To compute the test statistics, proper grouping of the observations into subpopulations is needed. You can use the AGGREGATE or AGGREGATE= option for this purpose. See the entry for the AGGREGATE and AGGREGATE= options under the MODEL statement. If neither AGGREGATE nor AGGREGATE= is specified, PROC PROBIT assumes each observation is from a separate subpopulation and computes the goodness-of-fit test statistics only for the events/trials syntax.

Note: This test is not appropriate if the data are very sparse, with only a few values at each set of the independent variable values.

If the Pearson’s chi-square test statistic is significant, then the covariance estimates and standard error estimates are adjusted. See the section Lack-of-Fit Tests for a description of the tests. Note that the LACKFIT option can also appear in the PROC PROBIT statement. See the section PROC PROBIT Statement for details.

MAXITER=value MAXIT=value

specifies the maximum number of iterations to be performed in estimating the parameters. By default, MAXITER=50.

NOINT

fits a model with no intercept parameter. If the INTERCEPT= option is also specified, the intercept is fixed at the specified value; otherwise, it is set to zero. This is most useful when the response is binary. When the response has k levels, then k – 1 intercept parameters are fit. The NOINT option sets the intercept parameter corresponding to the lowest response level equal to zero. A Lagrange multiplier, or score, test for the restricted model is computed when the NOINT option is specified.

SCALE=scale

enables you to specify the method for estimating the dispersion parameter. To correct for overdispersion or underdispersion, the covariance matrix is multiplied by the estimate of the dispersion parameter. Valid values for scale are as follows:

D | DEVIANCE: specifies that the dispersion parameter be estimated by the deviance divided by its degrees of freedom.
P | PEARSON: specifies that the dispersion parameter be estimated by the Pearson’s chi-square statistic divided by its degrees of freedom. This is set as the default method for estimating the dispersion parameter.

You can use the AGGREGATE= option to define the subpopulations for calculating the Pearson’s chi-square statistic and the deviance.

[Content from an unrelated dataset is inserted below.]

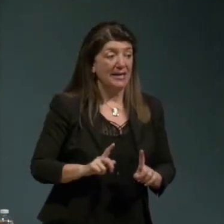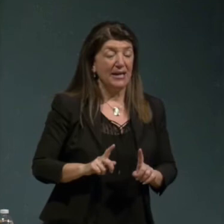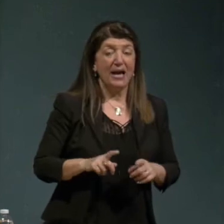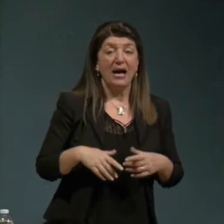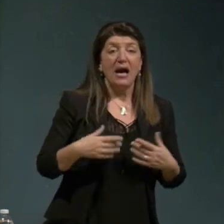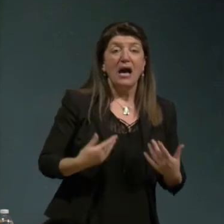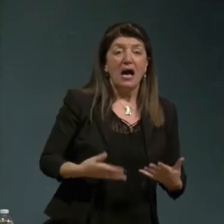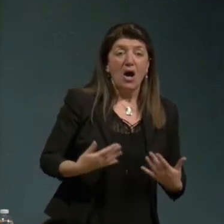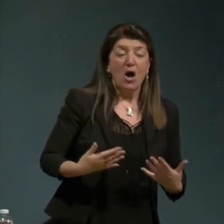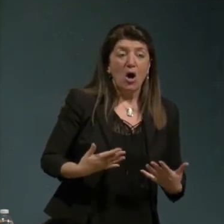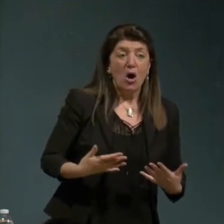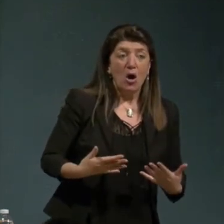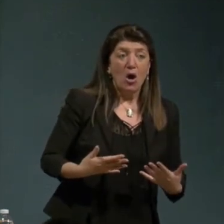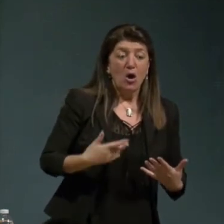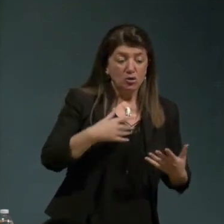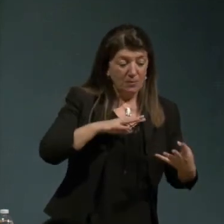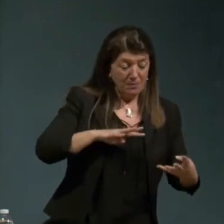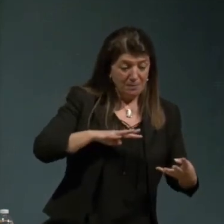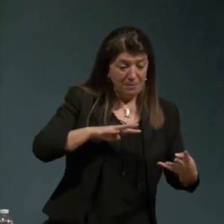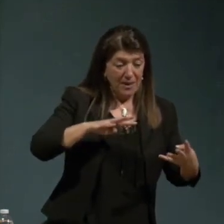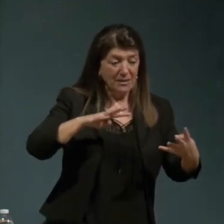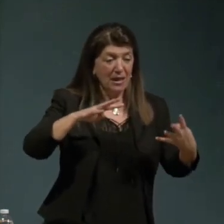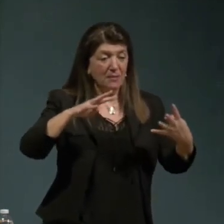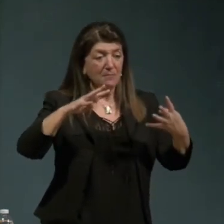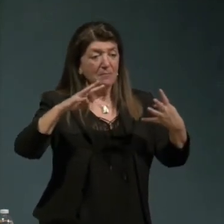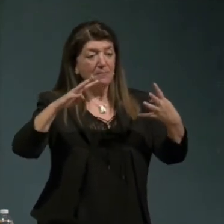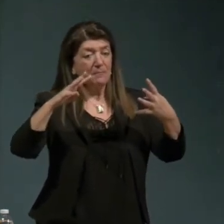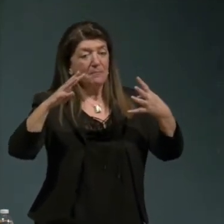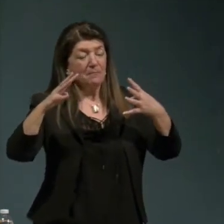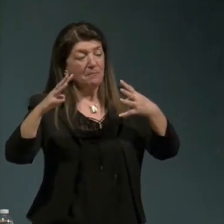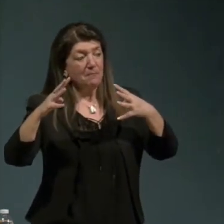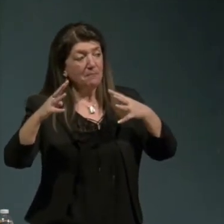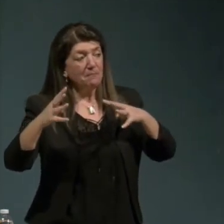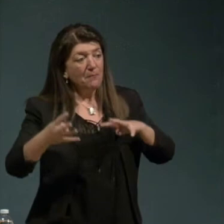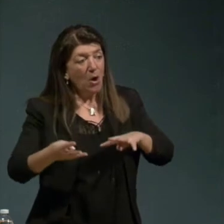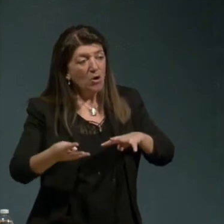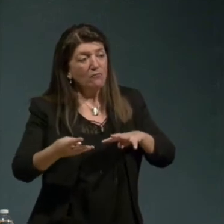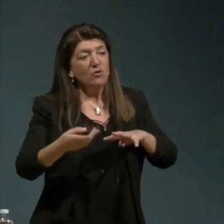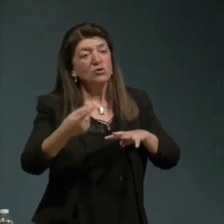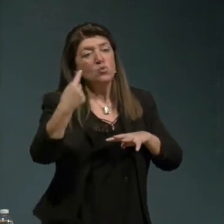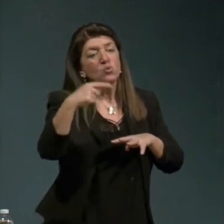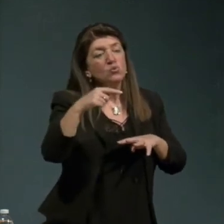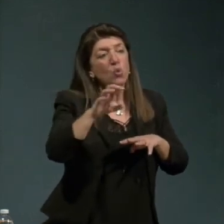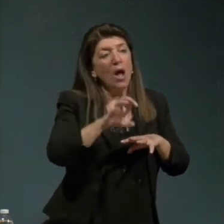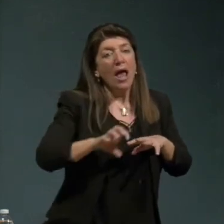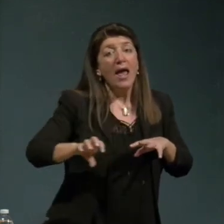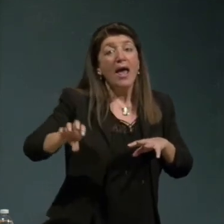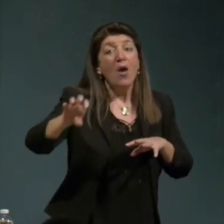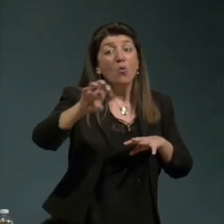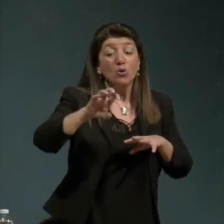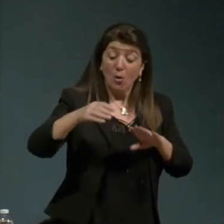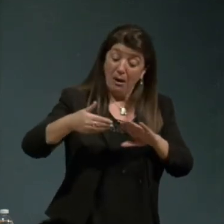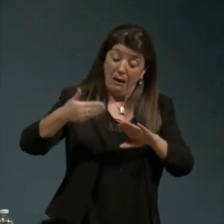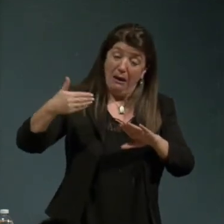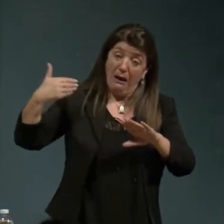c'è un po' metamorfosi in relazione con l'Europa del 600 700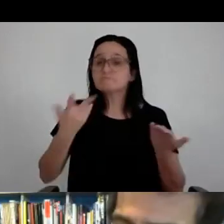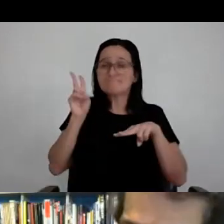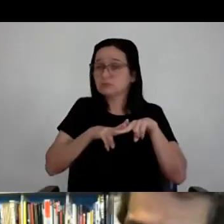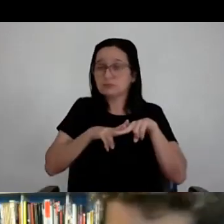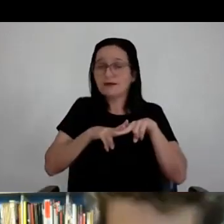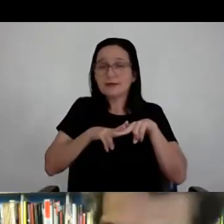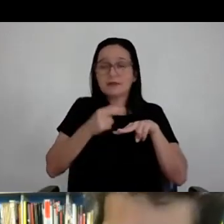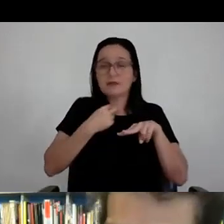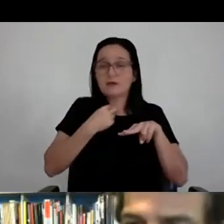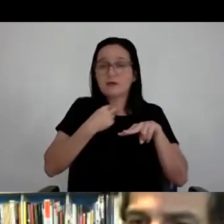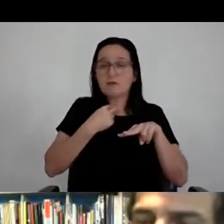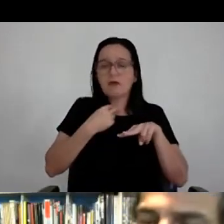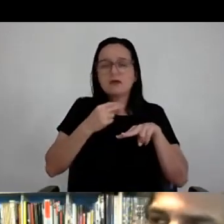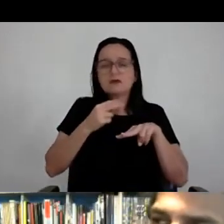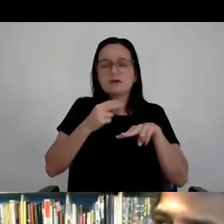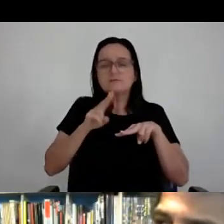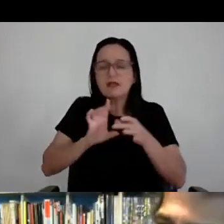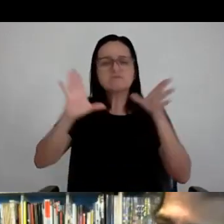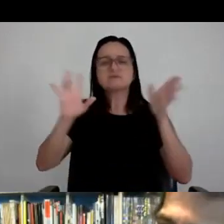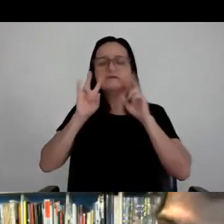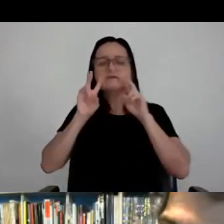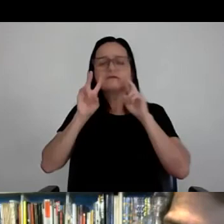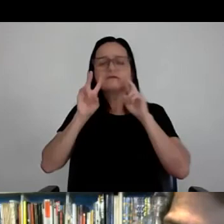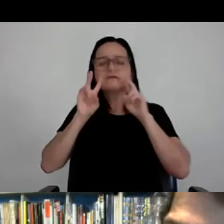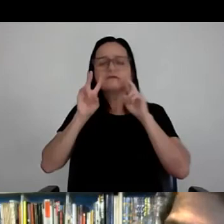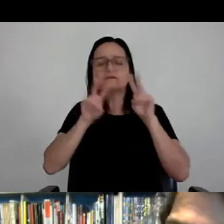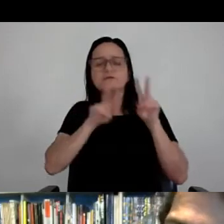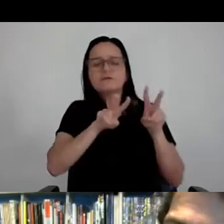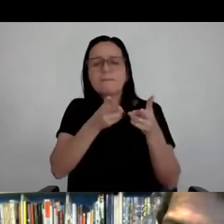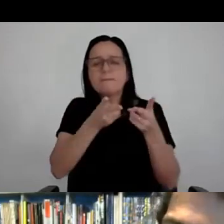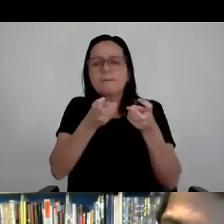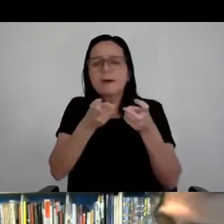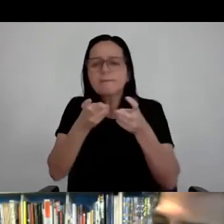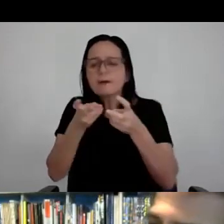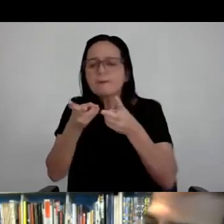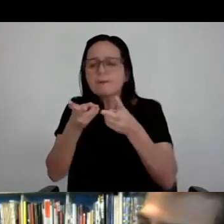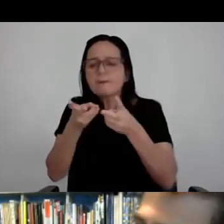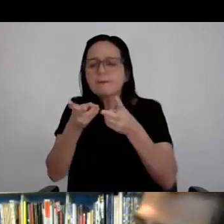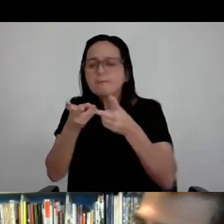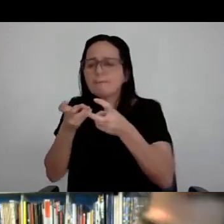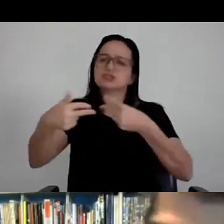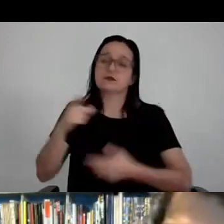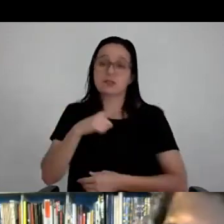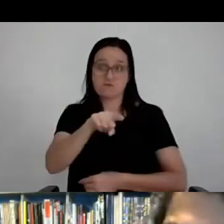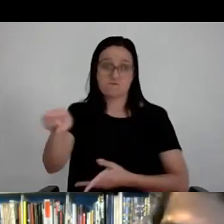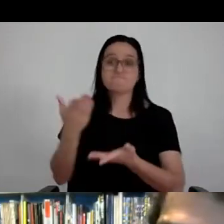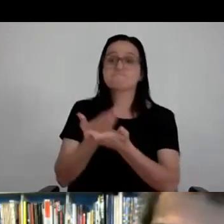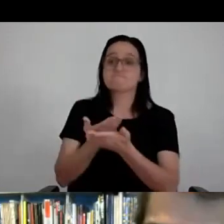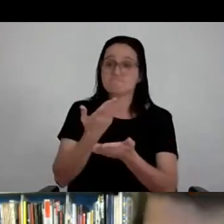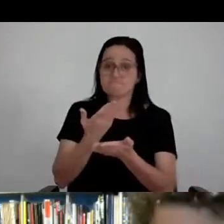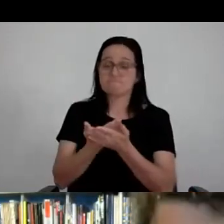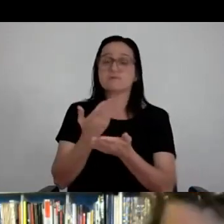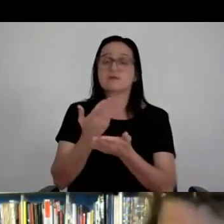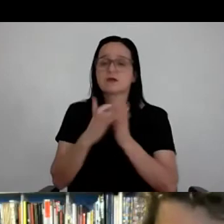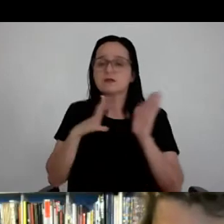a prisão com a tendência e com o estilo é outra coisa que não aconselho, entendeu? Eu acho que a diversidade, quando você começa a buscar vários elementos,

The "Goodness-of-Fit " table includes the Pearson’s chi-square statistic, the deviance, their degrees of freedom, the ratio of each statistic divided by its degrees of freedom, and the corresponding p-value.

SINGULAR=value

specifies the singularity criterion for determining linear dependencies in the set of independent variables. The sum of squares and crossproducts matrix of the independent variables is formed and swept. If the relative size of a pivot becomes less than the value specified, then the variable corresponding to the pivot is considered to be linearly dependent on the previous set of variables considered. By default, value=1E–12.